Gleichzeitig nahm in den Tagen auch eine andere Freiwillige, die ebenfalls in eine polnische Stadt geht, mit mir per Mail Kontakt auf. Durch unseren sehr intensiven Mail-Verkehr habe ich jetzt das Gefühl schon eine gute Gefährtin für alle Erlebnisse gefunden zu haben und Pläne, Polen gemeinsam von der Ostsee bis nach Auschwitz zu bereisen, sind natürlich auch schon geschmiedet.

Mittlerweile stehe ich in Kontakt mit einer Freiwilligen, die im September auch nach Warschau geht und schon zweimal dort für längere Zeit gelebt hat. Eine Quelle für literarische Einstimmungen und Tipps, wo man am besten feiert und einkauft, ist also auch gefunden.

Seit meiner Zusage setzt sich mit jeder Mail von meiner Mentorin und vom „kulturweit“-Team sowie durch Kontakte zu anderen Teilnehmern nach und nach ein Bild von meiner Schule zusammen.

Ich weiß, dass ich die erste und einzige Freiwillige an der Schule bin. Zu meinen Aufgaben werden laut Einsatzstellenprofil das Mitwirken bei Schulfesten und die Organisation und Durchführung von Unterrichtsprojekten, Sprachkursen und Kulturprogrammen zählen. Meine Schule ist ein Gimnazijum, d.h. dort werden die Klassen 7 bis 9 unterrichtet. Vorher waren sie sechs Jahre in der Grundschule und an das Gimnazijum schließt sich dann das dreijährige Liceum an. Wenn ich die polnische Homepage der Schule richtig verstanden habe, geht der Unterricht von 8 bis 15 Uhr und es gibt keinen Samstagsunterricht (diese Bemerkung ist lebenswichtig, da es das an meiner Oberstufe gab). Außerdem ist meine Einsatzstelle wohl keine deutsche Schule im eigentlichen Sinn, sondern eine polnische Schule, an der man auch Deutsch lernen kann. So weit die Theorie, in zwei Monaten werde ich dann über die Praxis berichten können.

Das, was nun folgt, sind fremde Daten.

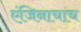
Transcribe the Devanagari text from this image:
एंजिनाचाच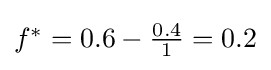
{\textstyle f^{*}=0.6-{\frac {0.4}{1}}=0.2}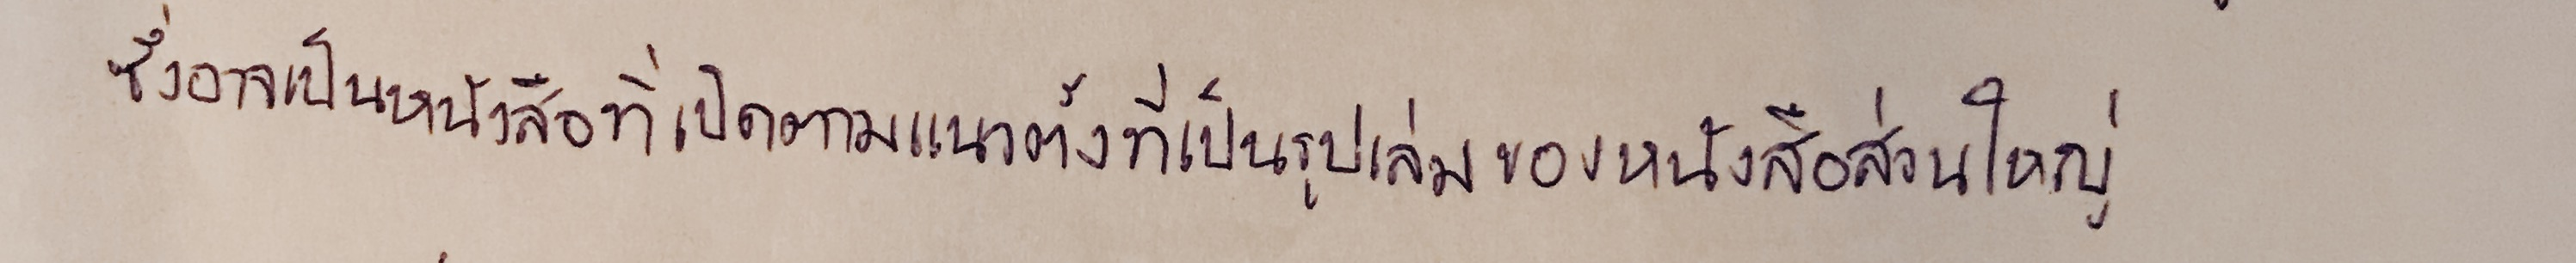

Das nächste Ziel heißt nun Berlin. Ich freue mich schon sehr darauf, alle 170 Teilnehmer beim Vorbereitungsseminar vom 6.-15. September näher kennen zu lernen, wobei ich dank facebook schon ein paar Namen kenne.

Am 19. September beginnt dann die große Reise von einem „kleinen Mädchen“ aus einem ebenso kleinen Dorf zwischen Bremen und Bremerhaven in die Metropole Warschau. Ich freue mich auf ein Jahr, in dem ich mit meinen Kochkünsten überleben muss, das Leben in einer Hauptstadt kennen lernen, die Mentalität eines Volkes (hoffentlich) nicht nur aus der Touristenperspektive erleben und natürlich den ganz normalen Wahnsinn des Schulalltags mal von der anderen Seite sehen werde, oder kurz gesagt: Viva Polonia! (Ich hoffe Steffen Möller verzeiht mir diesen dreisten Diebstahl geistigen Eigemtums, aber vielleicht lässt sich das im Eurocity zwischen Berlin und Warschau ja noch mal klären.)

P.S: Ich kann noch nicht sagen, wie oft ich einen neuen Beitrag verfassen werde, aber ich werde versuchen, euch so gut es geht auf dem Laufenden zu halten. Vielleicht habt ihr ja Lust mir zu schreiben, was euch besonders interessiert.